Power Factor Correction Benefits:

• Reduce the cost of electricity.
• Increase the capacity of the distribution system by reducing load losses.
• Manage the system’s voltage regulation as well as possible.
• Increases Power factor efficiency.

Lagging Power Factor:

The magnetic field of an inductive load, such as an induction motor, holds back the current, causing a phase shift in which the voltage and current wave forms fall out of sync with the current, causing it to pass through the zero point after the voltage. The term for above said is lagging power factor.

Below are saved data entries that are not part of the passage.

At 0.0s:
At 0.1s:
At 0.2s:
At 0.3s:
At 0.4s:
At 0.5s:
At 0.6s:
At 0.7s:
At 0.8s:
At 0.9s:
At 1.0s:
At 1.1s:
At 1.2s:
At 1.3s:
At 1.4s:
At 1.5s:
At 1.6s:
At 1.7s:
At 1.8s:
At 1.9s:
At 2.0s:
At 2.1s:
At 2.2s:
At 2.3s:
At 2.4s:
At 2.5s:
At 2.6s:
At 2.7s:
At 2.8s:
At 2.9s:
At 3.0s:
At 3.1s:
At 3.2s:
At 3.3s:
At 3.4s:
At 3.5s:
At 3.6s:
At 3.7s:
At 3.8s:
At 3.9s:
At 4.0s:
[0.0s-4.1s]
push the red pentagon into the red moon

Though the kVAr is ineffective, the magnetic field that rotates the motor requires some reactive power to develop and maintain. The current will be at an angle below the voltage line in a phasor diagram for a purely inductive load, indicating that not all of the electricity spent is accomplishing work.

Leading Power Factor:

The voltage and current are out of phase in a purely capacitive load, except that the voltage is held back this time. As a result, there is a leading power factor. Again, this means that not all of the electricity is used for productivity, but that it must be compensated for regardless. The current line would be at an angle above the voltage line since it is leading in the phasor diagram for a fully capacitive load.

Some Useful Questions:

1. What are the different types of power factor?

There are 3 types of power factor. They are,

• Lagging power factor,
• Leading power factor and
• Unity power factor.

2. What is power factor correction?

Reducing the supply of reactive power in a system is referred to as power factor correction. A synchronous motor and a capacitor bank are used to correct the power factor. Capacitor power banks are used in industry to regulate power factor.

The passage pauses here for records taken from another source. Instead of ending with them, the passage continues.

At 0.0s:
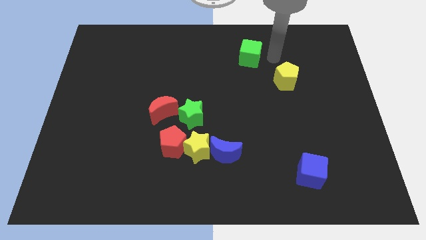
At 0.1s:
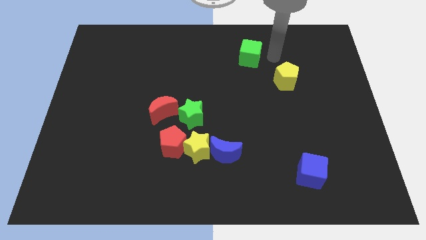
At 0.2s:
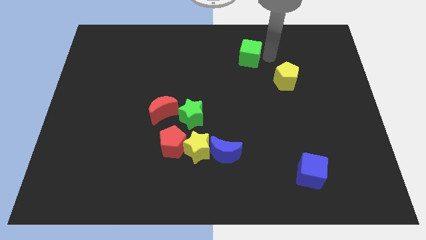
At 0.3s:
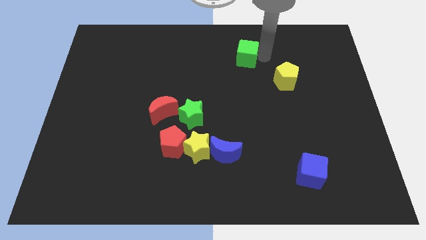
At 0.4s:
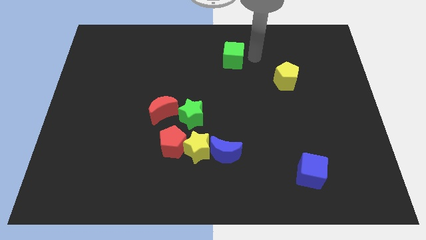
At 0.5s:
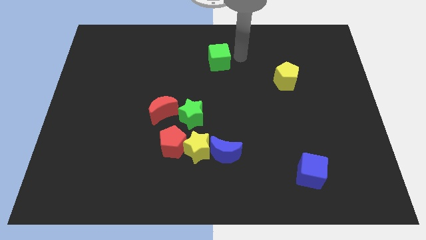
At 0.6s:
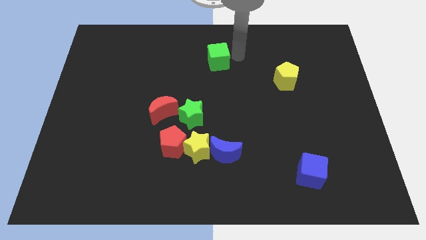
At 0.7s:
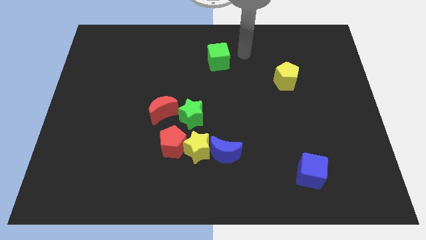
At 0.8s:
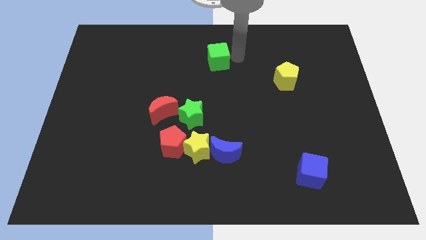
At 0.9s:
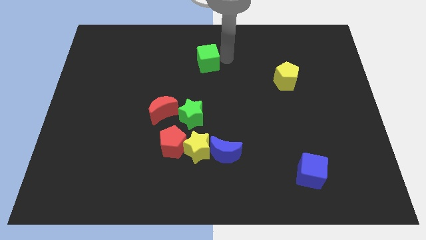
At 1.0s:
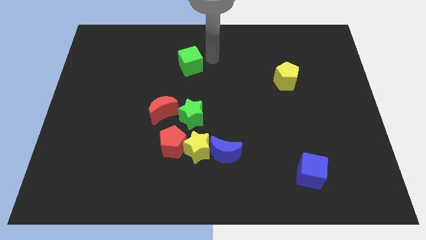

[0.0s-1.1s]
push the green cube above the green star

3. Why is the power factor not more than unity?

Real power can be comparable to, but not more than, apparent power. As a result, the power factor cannot exceed unity. The cosine angle between voltage and current is used to define power factor, but the highest cosine value is 1 and the minimum is -1. As a result, a power factor greater than one is unattainable.  It would be a violation of the law of conservation of energy if it became larger. The power factor will be 1 but will not exceed 1. Because it is the ratio of true power (KW) to apparent power (KVA).

4. What are the various methods for power factor improvement?

There are three different ways to increase your power factor:

• Synchronous Condensers
• Phase Advancers and
• Capacitor Banks

5. What is real, apparent, and reactive power?

• Electrical energy consumption or the power used to do work on the load is referred to as real power or true power.
• Apparent power is the vector sum of active and reactive power delivered to the circuit.
• Reactive power is the power used but not utilised to perform work on the load. It is, nevertheless, necessary to maintain the voltage in order to supply active power through transmission and distribution lines.